Wednesday, January 26, 2011

the truth of the struggle

I am feeling a little alone. A little scared. Defeated. Nervous. Angry. Sad. Jealous. Worried. Stressed. Weak.

Not a whole lot of positive emotions today. A total 360 from yesterday, for the most part. This is what IF does to you. And as if the emotional stuff isn't enough to deal with there is the crappy side of having to deal with the financial stress of it all..IVF is NOT cheap at all and not only do you have to come to terms with your feelings of unworthiness and failure and the fact that you can't have a child on your own you now have to grasp the concept of having to pay a Dr. 10-20 thousand dollars to mix your baby in a lab dish then reintroduce it to your body with only the hope that he or she will stick.

Talk about deromanicizing the whole process!!

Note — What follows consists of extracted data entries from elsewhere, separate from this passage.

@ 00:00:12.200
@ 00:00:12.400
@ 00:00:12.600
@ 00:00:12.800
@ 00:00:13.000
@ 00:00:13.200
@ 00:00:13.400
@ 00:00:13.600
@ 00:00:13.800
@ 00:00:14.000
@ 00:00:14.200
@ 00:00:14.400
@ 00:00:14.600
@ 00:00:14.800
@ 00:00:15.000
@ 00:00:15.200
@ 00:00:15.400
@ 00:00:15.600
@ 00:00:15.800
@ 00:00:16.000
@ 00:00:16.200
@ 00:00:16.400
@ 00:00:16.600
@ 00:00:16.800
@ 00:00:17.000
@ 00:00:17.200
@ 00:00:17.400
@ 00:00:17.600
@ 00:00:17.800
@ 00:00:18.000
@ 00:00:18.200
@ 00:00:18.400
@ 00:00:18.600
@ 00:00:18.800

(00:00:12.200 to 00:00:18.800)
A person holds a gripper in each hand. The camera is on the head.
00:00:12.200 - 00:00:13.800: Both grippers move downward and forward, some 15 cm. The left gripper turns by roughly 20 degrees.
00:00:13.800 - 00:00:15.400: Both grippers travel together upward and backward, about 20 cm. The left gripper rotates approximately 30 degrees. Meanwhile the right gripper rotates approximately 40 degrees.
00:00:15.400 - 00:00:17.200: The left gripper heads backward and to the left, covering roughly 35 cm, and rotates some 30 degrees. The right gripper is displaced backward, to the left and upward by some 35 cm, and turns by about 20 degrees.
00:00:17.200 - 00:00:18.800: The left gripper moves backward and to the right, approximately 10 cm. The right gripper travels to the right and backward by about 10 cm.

I came to terms with the fact that I couldn't give my husband a child without serious intervention a long time ago, sometimes it still makes me sad but for the most part I have accepted it as Gods plan and I am simply greatful that its still very possible. And I am willing to give anything to get there!

I wish that I could say the same for Paul..he is still struggling.

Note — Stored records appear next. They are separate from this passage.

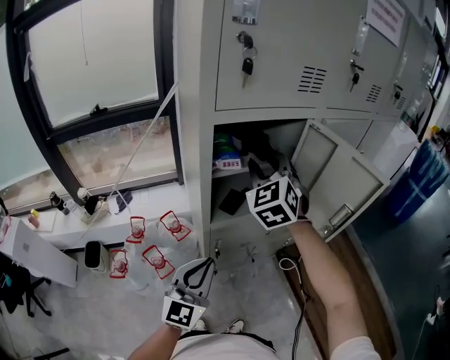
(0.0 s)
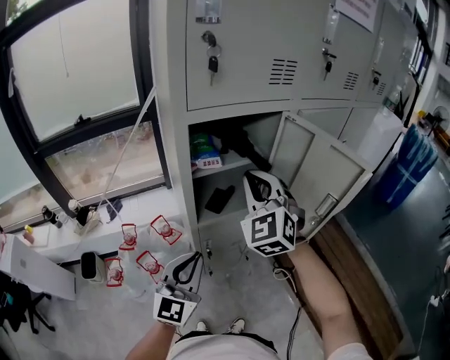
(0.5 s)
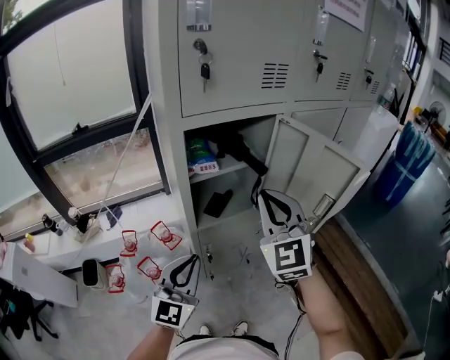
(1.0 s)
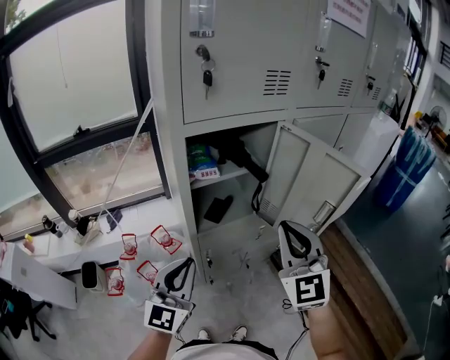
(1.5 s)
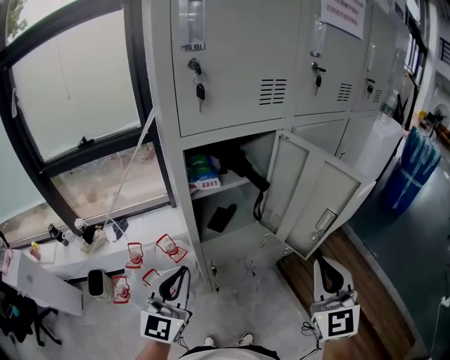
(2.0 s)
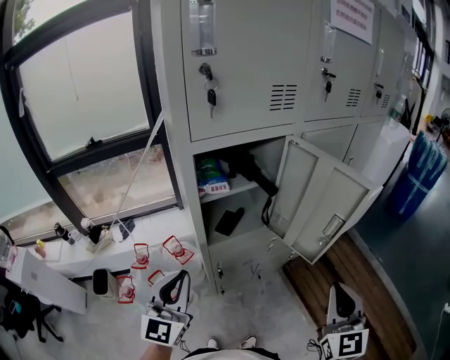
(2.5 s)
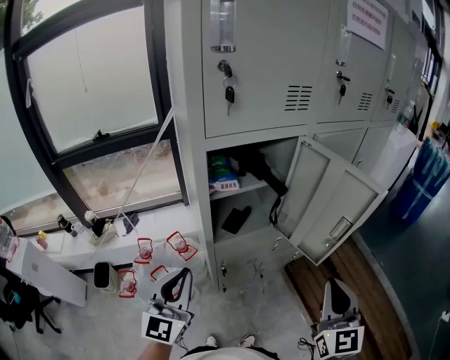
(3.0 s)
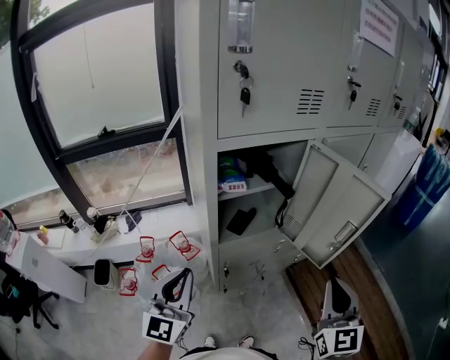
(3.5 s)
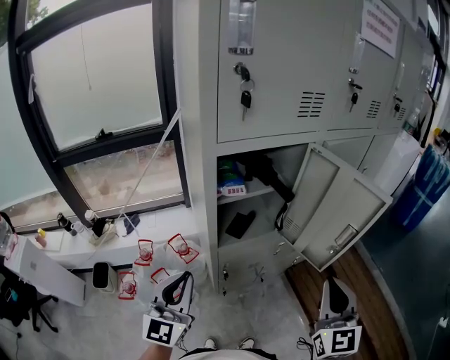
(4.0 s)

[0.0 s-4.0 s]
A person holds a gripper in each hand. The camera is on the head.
0.0 to 2.0 s: The left gripper heads upward, covering roughly 5 cm; the right gripper travels backward and to the right by some 30 cm, turns by about 30 degrees, and closes up.
2.0 to 4.0 s: The grippers make only small movements.

He is struggling with the fact that we can't do it on our own and his Faith isn't as strong as mine. He is having a hard time being okay with the parting of sooo much cash all at once but isn't really comfortable with the idea of "Financing a Baby"; an idea that I feel gives us a really REALLY good shot at becoming parents NOW while still leaving us with money in savings for emergencies and baby expenses and to save to put down on a house in the spring and I feel it could be our best option..he isn't convinced.

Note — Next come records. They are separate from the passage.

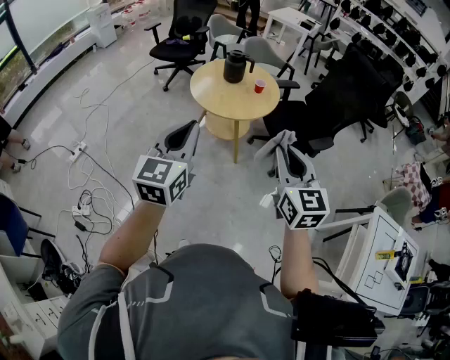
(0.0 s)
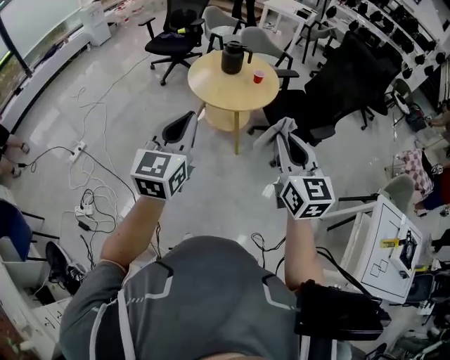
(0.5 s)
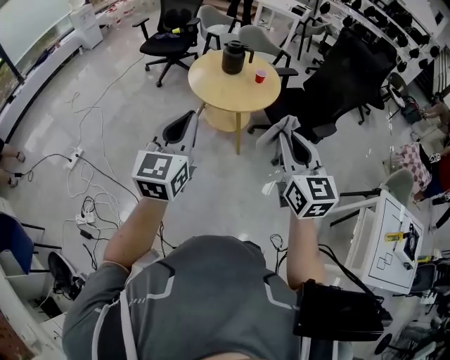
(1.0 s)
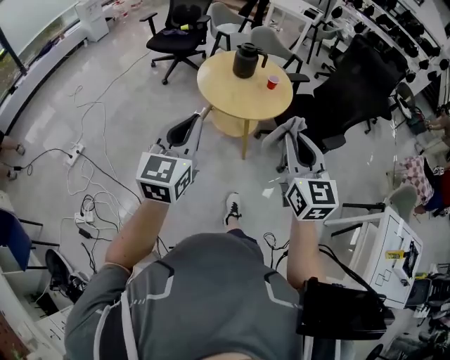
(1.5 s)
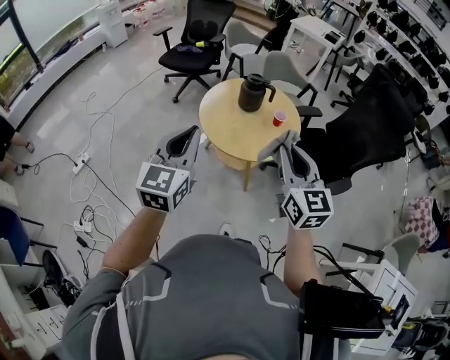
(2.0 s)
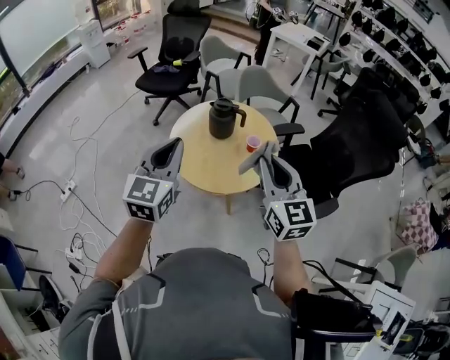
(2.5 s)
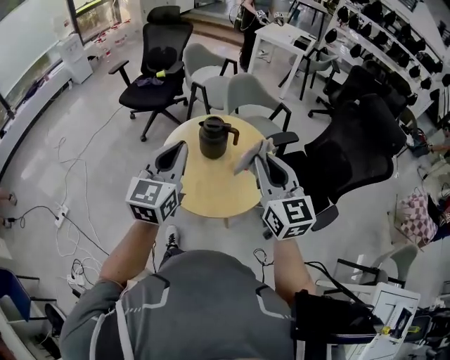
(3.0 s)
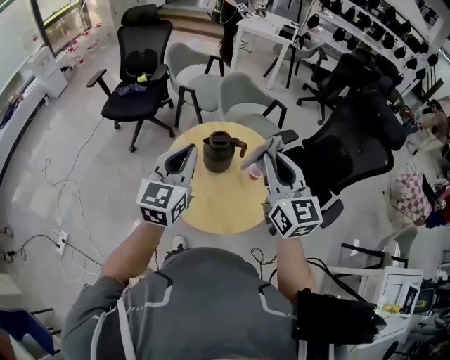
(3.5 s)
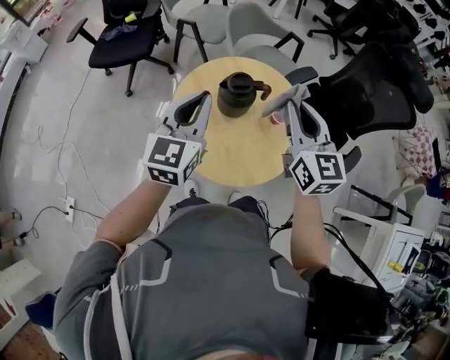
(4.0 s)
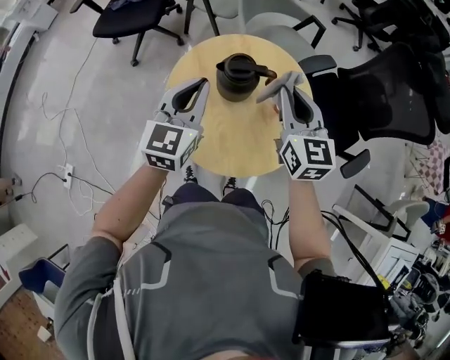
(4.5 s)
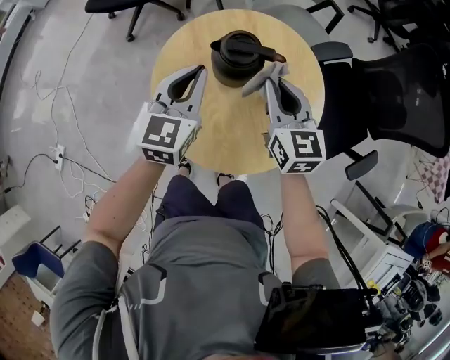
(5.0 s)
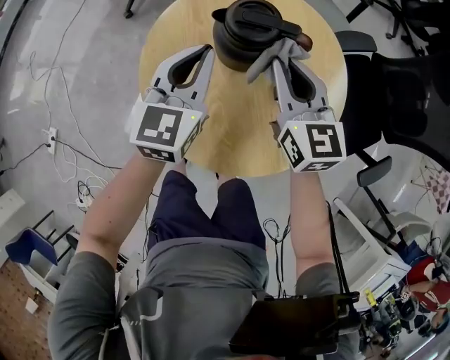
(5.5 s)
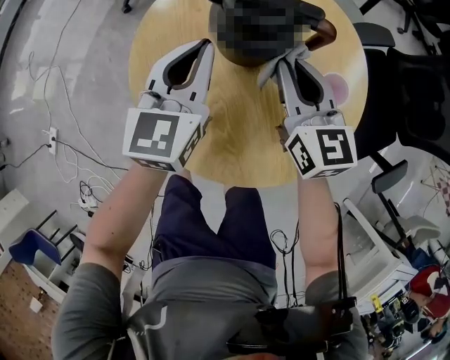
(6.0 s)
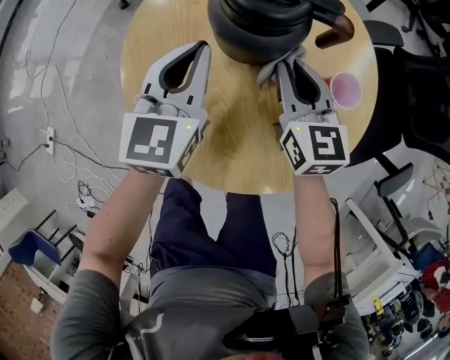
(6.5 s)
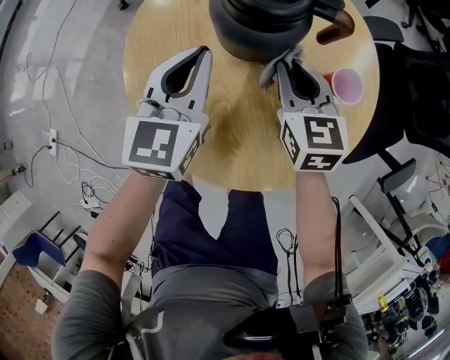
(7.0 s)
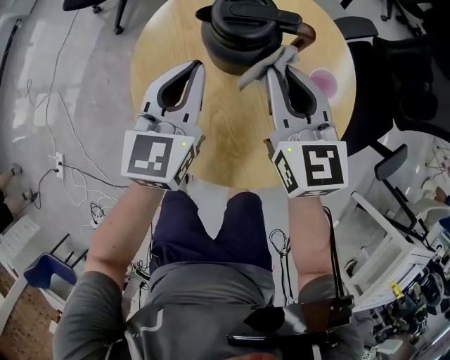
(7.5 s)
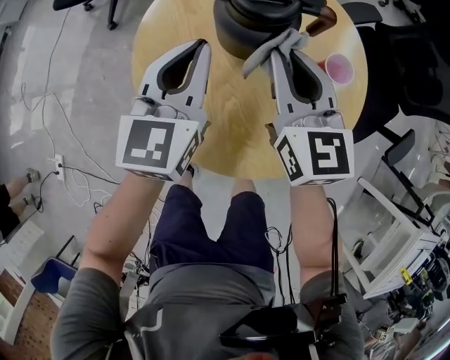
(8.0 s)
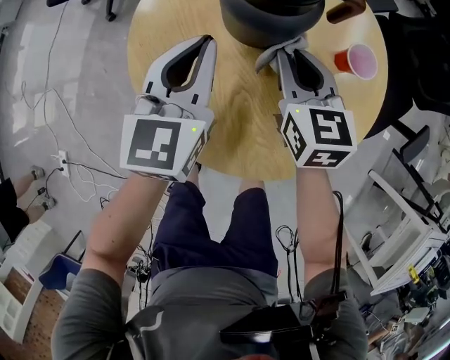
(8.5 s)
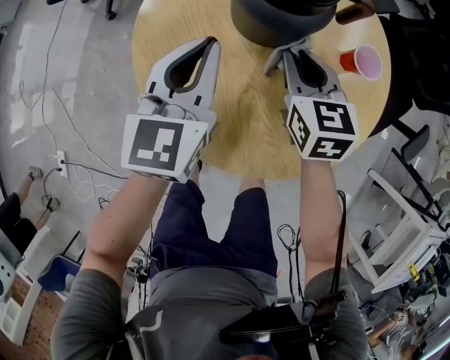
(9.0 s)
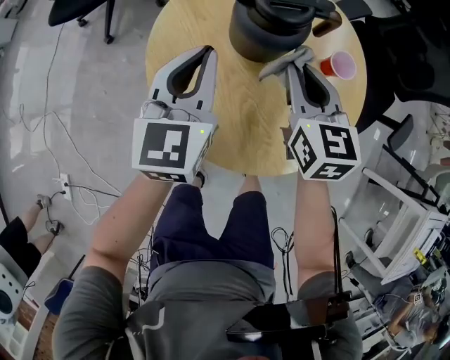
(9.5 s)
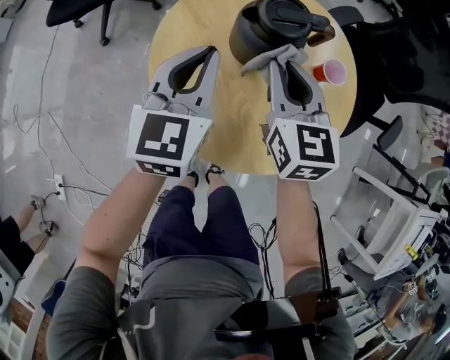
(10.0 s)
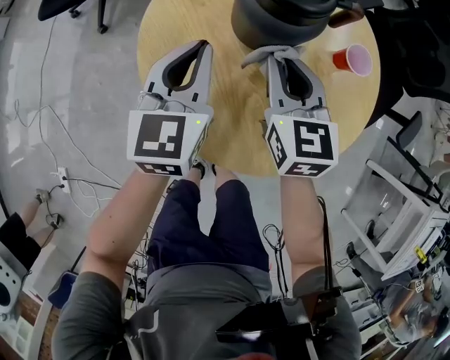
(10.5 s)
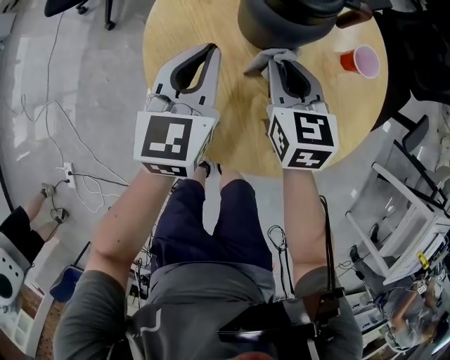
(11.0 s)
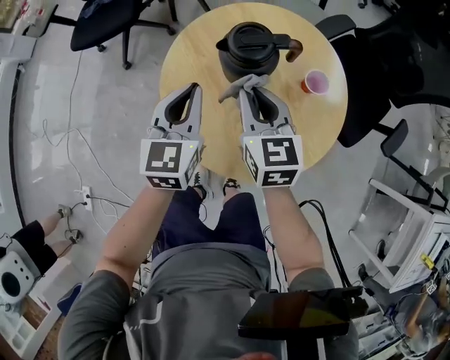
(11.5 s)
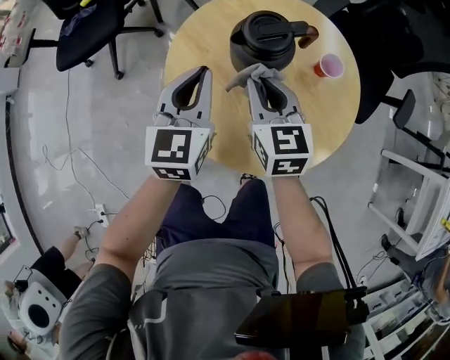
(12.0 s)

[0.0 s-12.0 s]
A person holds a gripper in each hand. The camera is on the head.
0.0 to 2.0 s: Both grippers travel together forward, some 25 cm.
2.0 to 4.0 s: Both grippers move forward, roughly 40 cm. The right gripper swivels about 20 degrees. Meanwhile the left gripper swivels approximately 20 degrees.
4.0 to 6.0 s: The grippers both shift downward by approximately 30 cm. The right gripper rotates some 20 degrees.
6.0 to 8.0 s: The right gripper goes downward and returns, some 5 cm each way.
8.0 to 10.0 s: The right gripper reaches about 10 cm downward, then returns. Meanwhile the left gripper goes downward and returns, roughly 5 cm each way.
10.0 to 12.0 s: The left gripper reaches approximately 10 cm downward, then returns. The right gripper moves about 10 cm downward and comes back.

I wish that he could understand my feelings of NOW..I am not a patient person, I never have been, I just want to make the best decision possible and still have what we want. Is that being irresponsible? Selfish? I am not really sure..maybe I suppose but I just want my kids and my family to have it all..within reason of course..and I want to make the right decision now so we don't have to suffer or sacrafice later!

Dear Lord:
Please hear my cries. Hear my prayer. Please open my heart to you so that I may see clearly the plan you have laid out for us. Help Paul to come to terms with all of this and cope with it and help him to be able to understand me and I him. Help us to communicate more effectively with one another. Lord guide us and protect us.

In Jesus Name Amen

Verse of the Day:
Matthew 6: 25-27
Do Not Worry
25 “Therefore I tell you, do not worry about your life, what you will eat or drink; or about your body, what you will wear. Is not life more than food, and the body more than clothes? 26 Look at the birds of the air; they do not sow or reap or store away in barns, and yet your heavenly Father feeds them. Are you not much more valuable than they? 27 Can any one of you by worrying add a single hour to your life?